(Source data)
·····
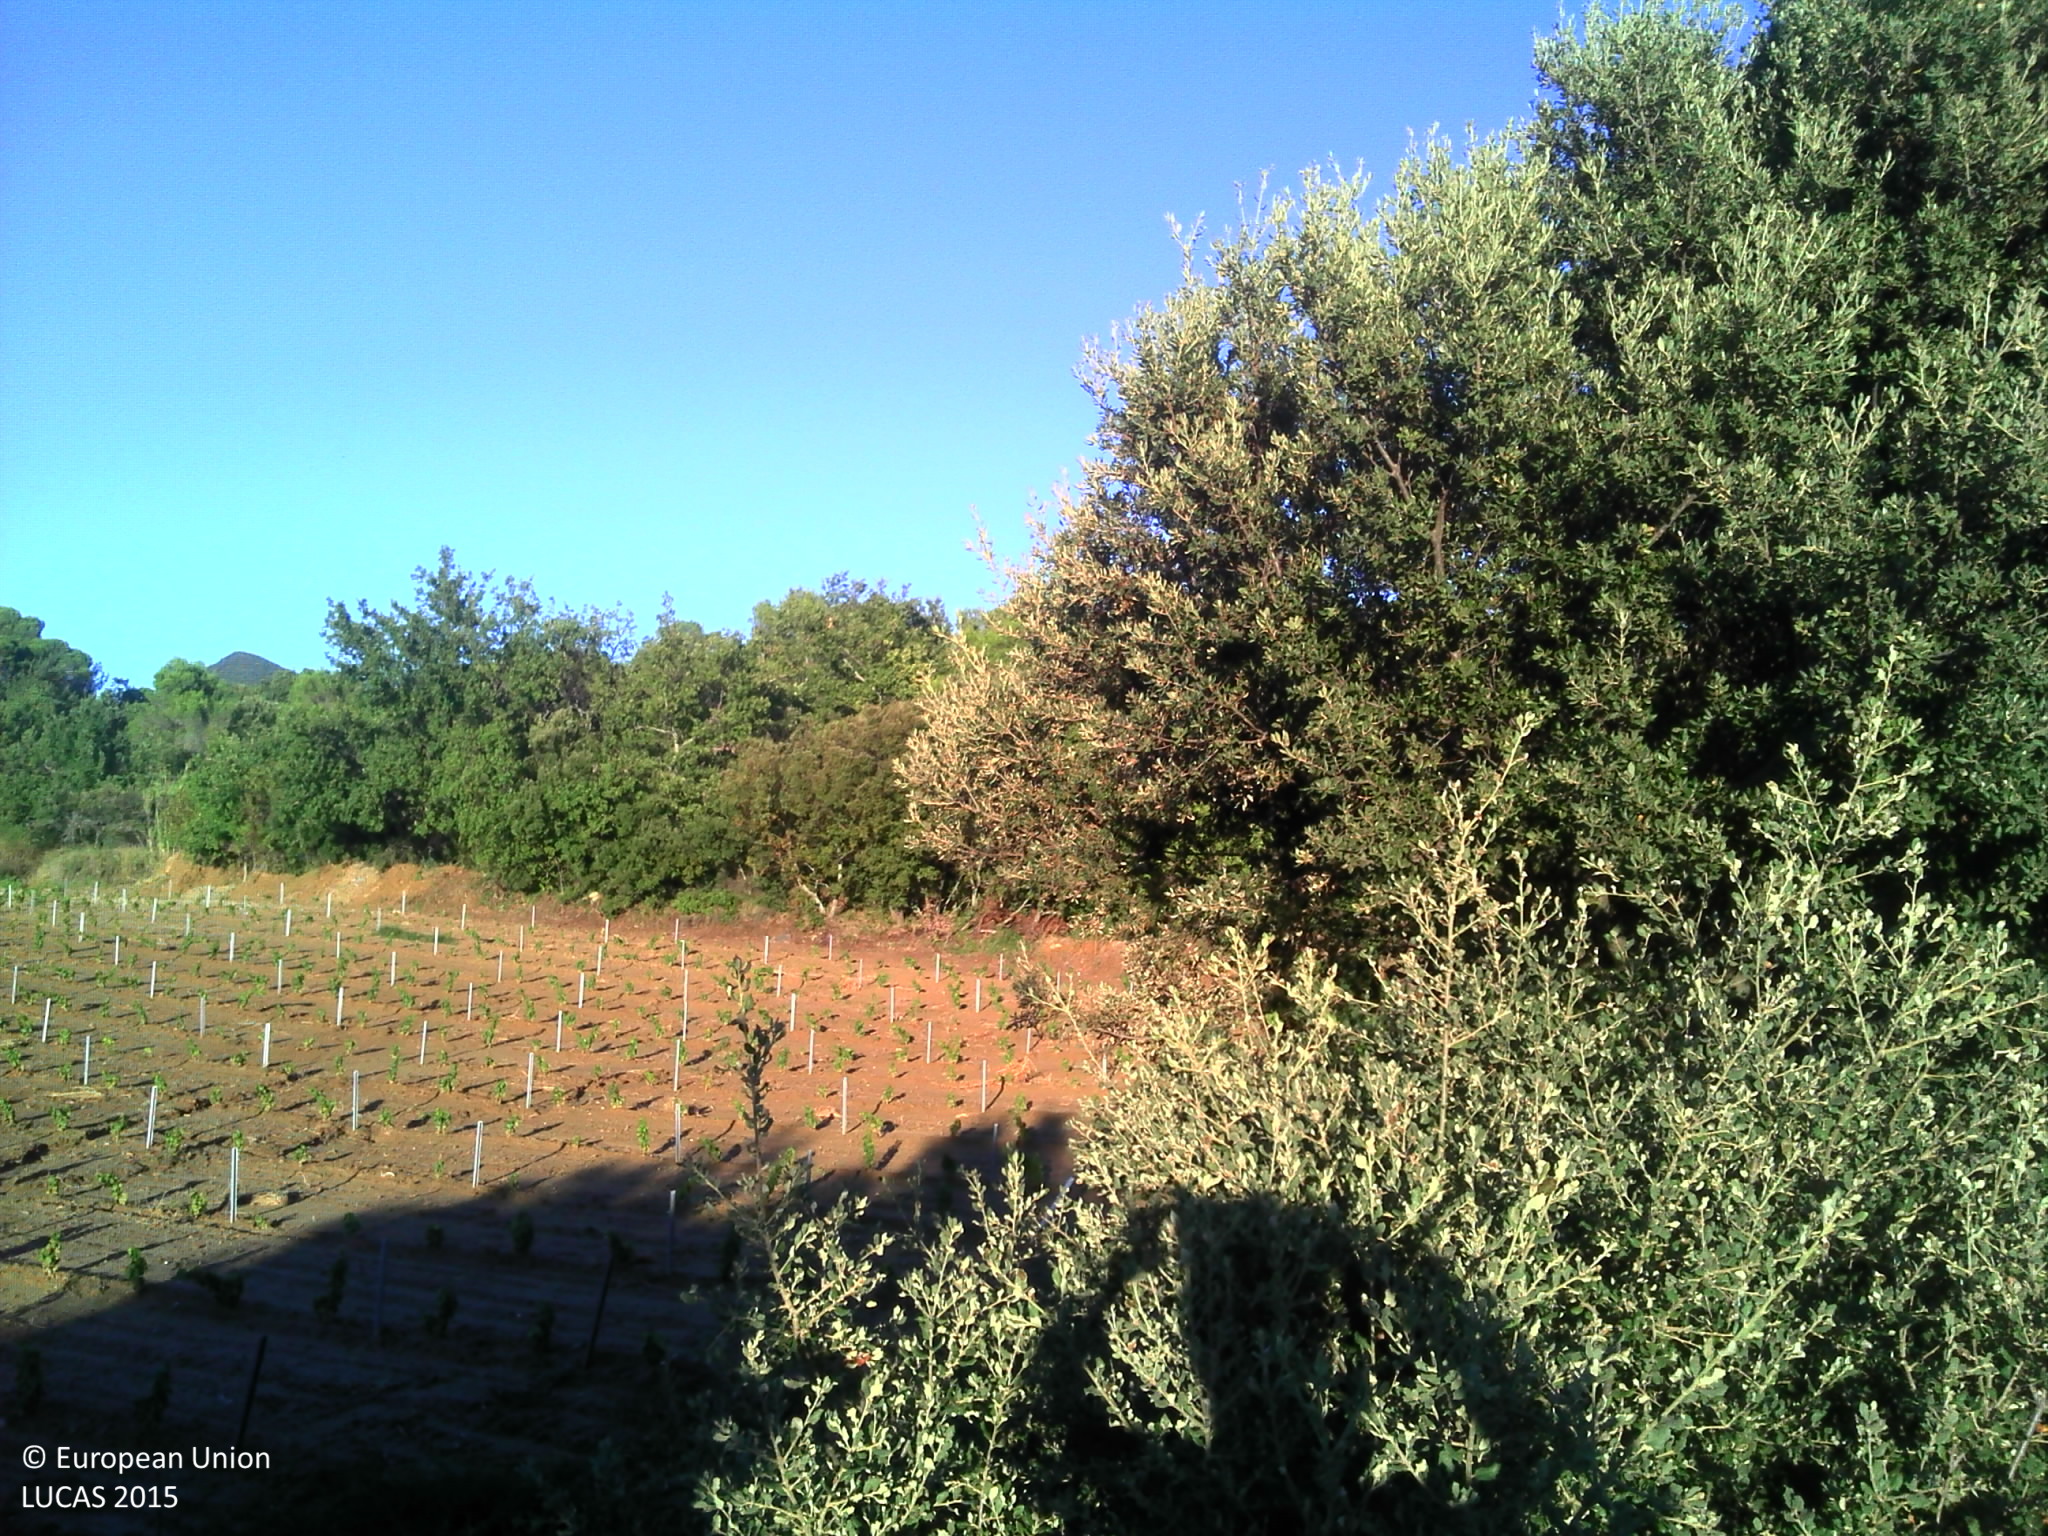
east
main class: Cropland
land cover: Vineyards
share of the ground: 10 - 25 %
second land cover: Other bare soil
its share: > 75 %
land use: Agriculture (excluding fallow land and kitchen gardens)
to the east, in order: Vineyards; Other bare soil; Pine dominated mixed woodland; Tracks; Pine dominated mixed woodland; Rivers and streams; Pine dominated mixed woodland; Tracks; Vineyards; Electric lines; Vineyards
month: September
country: FR
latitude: 44.2894
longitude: 5.1076
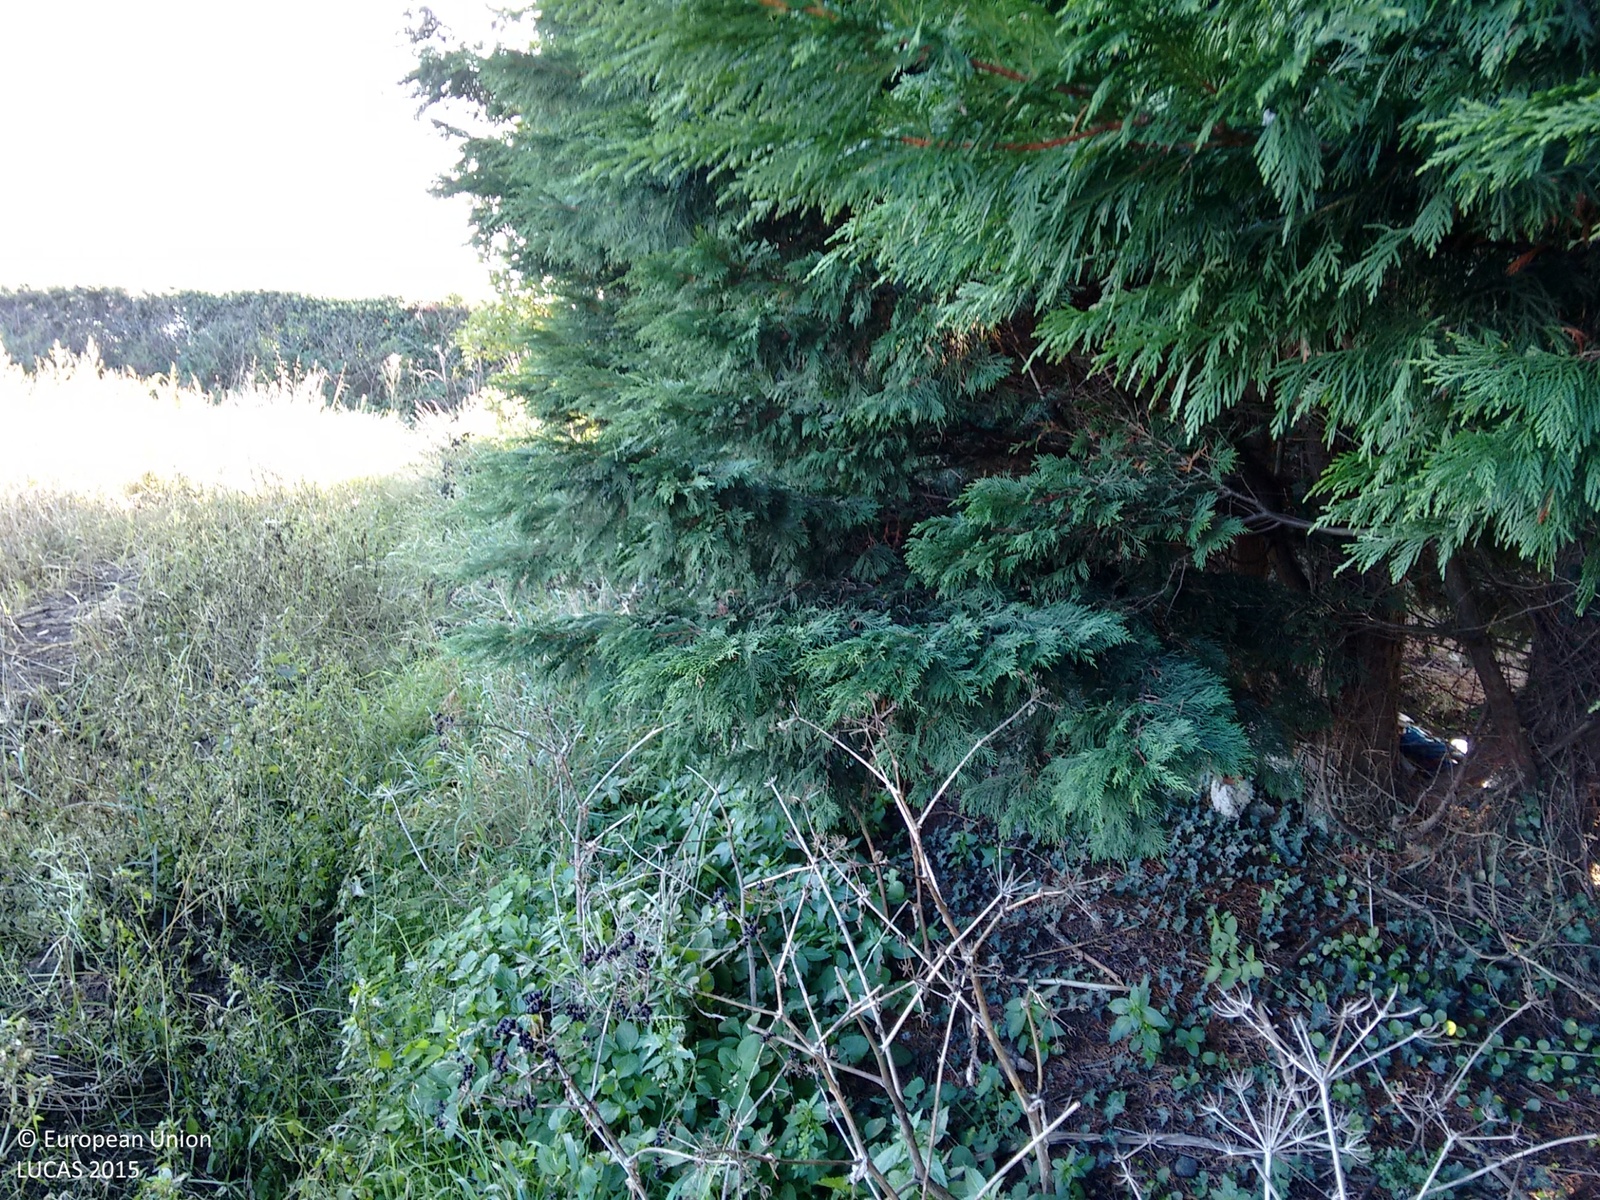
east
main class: Cropland
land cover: Common wheat
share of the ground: > 75 %
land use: Agriculture (excluding fallow land and kitchen gardens)
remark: Harvested field
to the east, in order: Managed hedges; Artificial constructions in urban areas; Grass margins; Other bare soil; Grassland without tree/shrub cover; Artificial constructions in urban areas; Other bare soil
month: October
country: GB
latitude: 52.6997
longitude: 1.6807
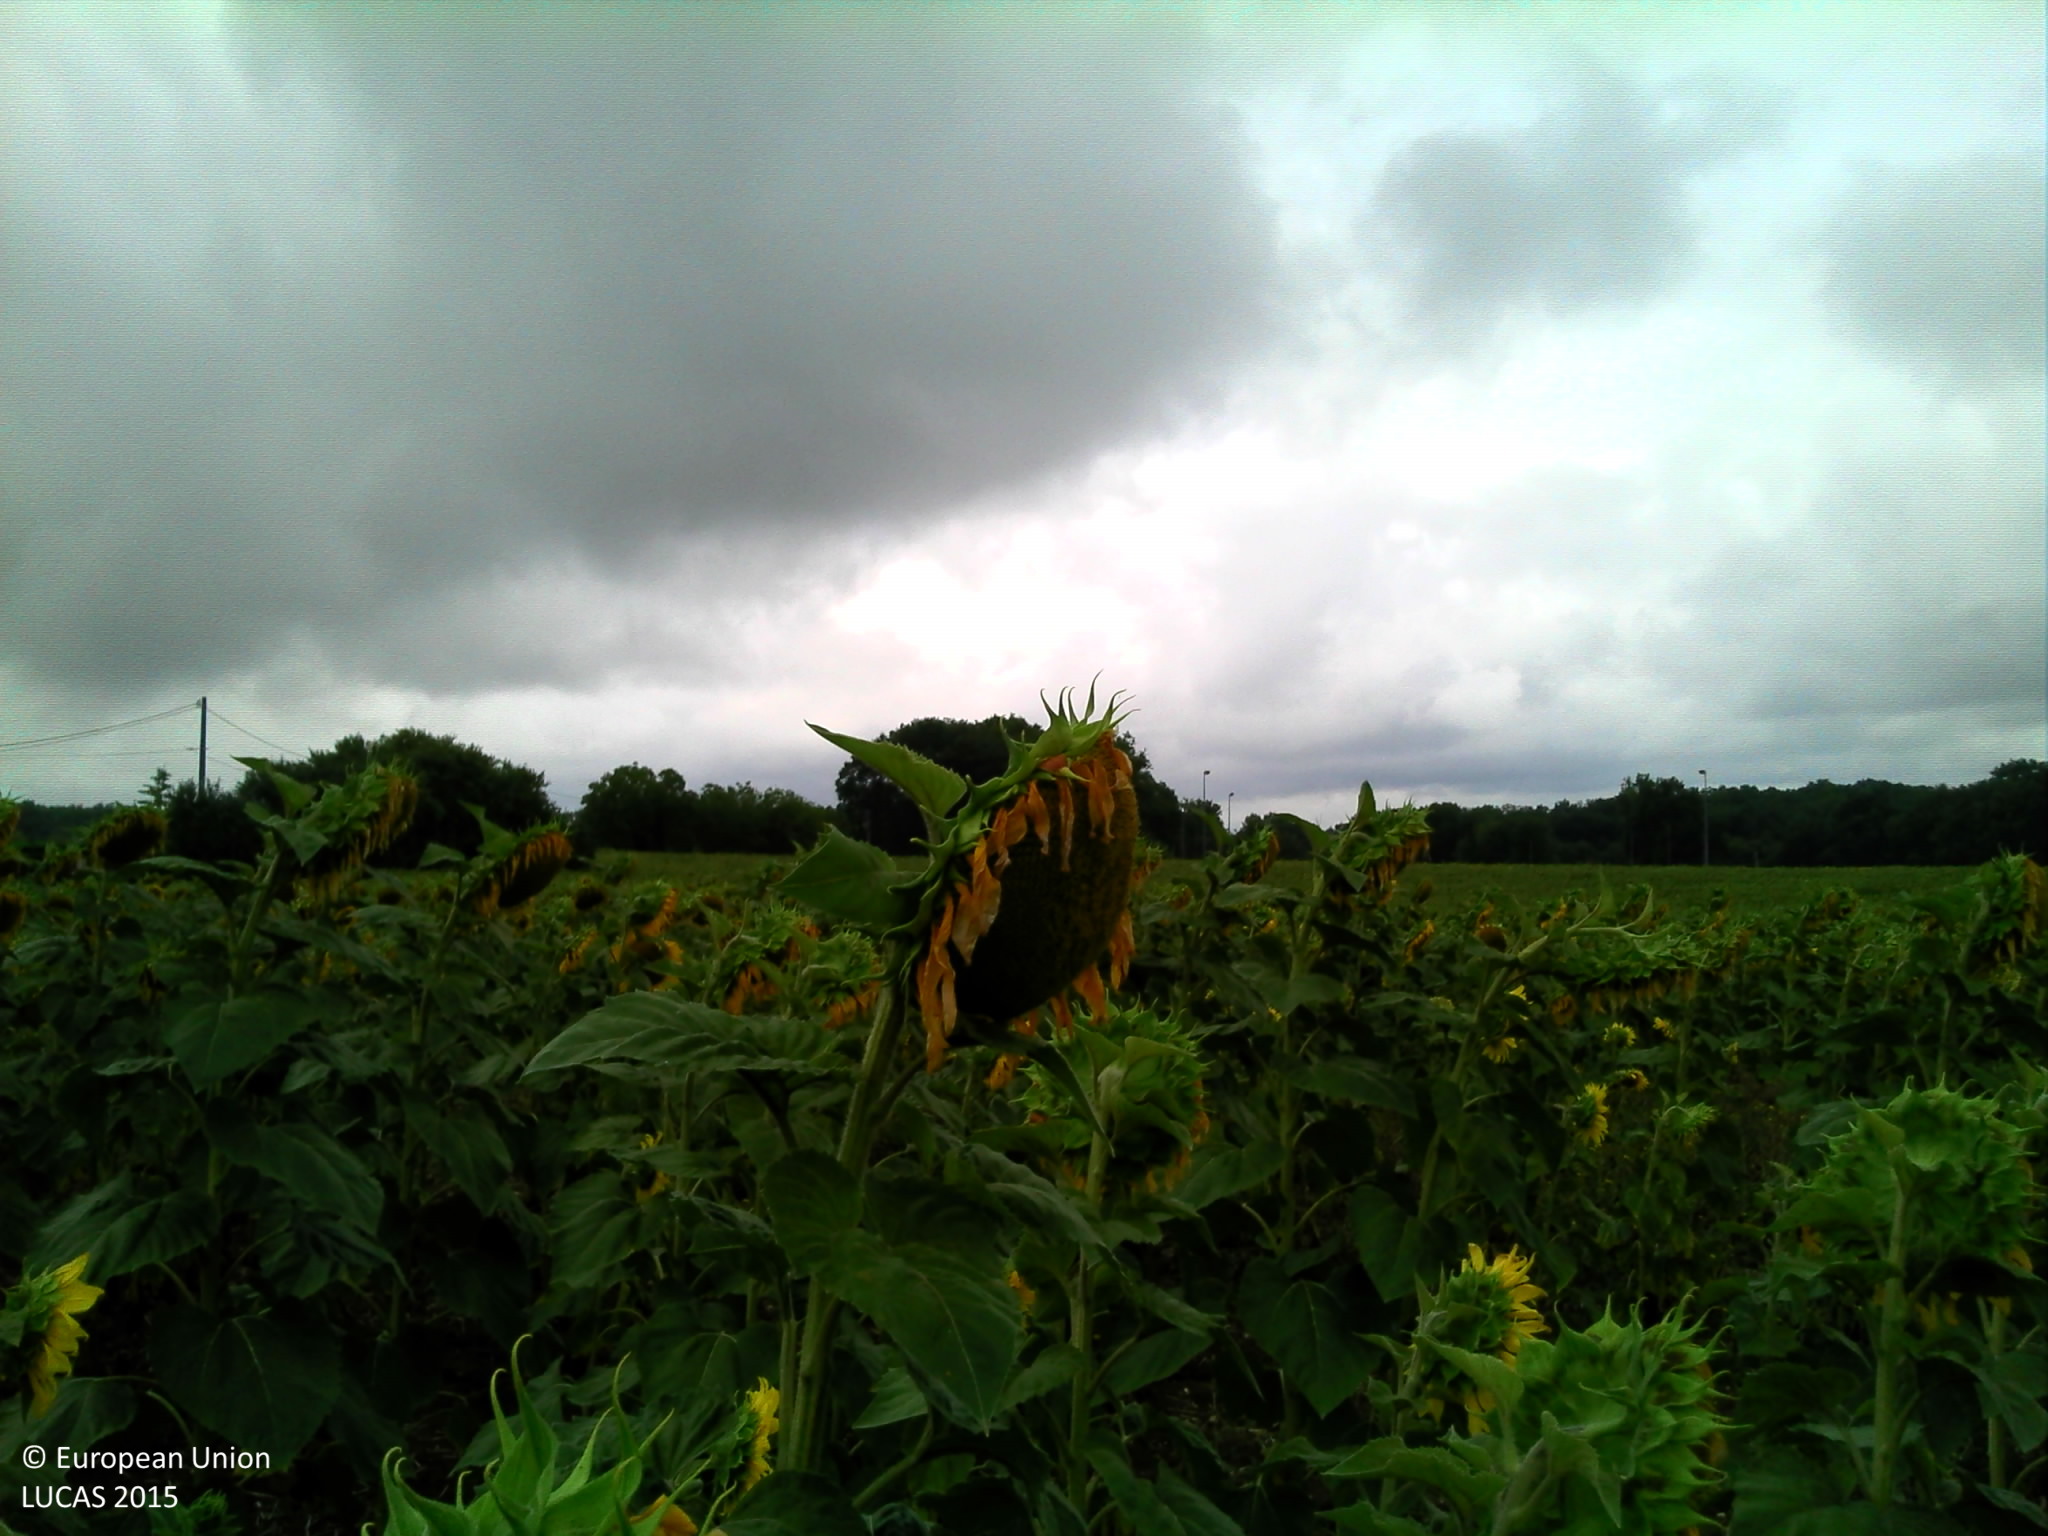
·····
* [Task requirements] Nothing is needed beyond an exact transcription of the lines from the one containing "share of the ground: 10 - 25 %" to the end of the entries above, with the pictures omitted.

* [Worked solution]
share of the ground: 10 - 25 %
second land cover: Other bare soil
its share: > 75 %
land use: Agriculture (excluding fallow land and kitchen gardens)
to the east, in order: Vineyards; Other bare soil; Pine dominated mixed woodland; Tracks; Pine dominated mixed woodland; Rivers and streams; Pine dominated mixed woodland; Tracks; Vineyards; Electric lines; Vineyards
month: September
country: FR
latitude: 44.2894
longitude: 5.1076
east
main class: Cropland
land cover: Common wheat
share of the ground: > 75 %
land use: Agriculture (excluding fallow land and kitchen gardens)
remark: Harvested field
to the east, in order: Managed hedges; Artificial constructions in urban areas; Grass margins; Other bare soil; Grassland without tree/shrub cover; Artificial constructions in urban areas; Other bare soil
month: October
country: GB
latitude: 52.6997
longitude: 1.6807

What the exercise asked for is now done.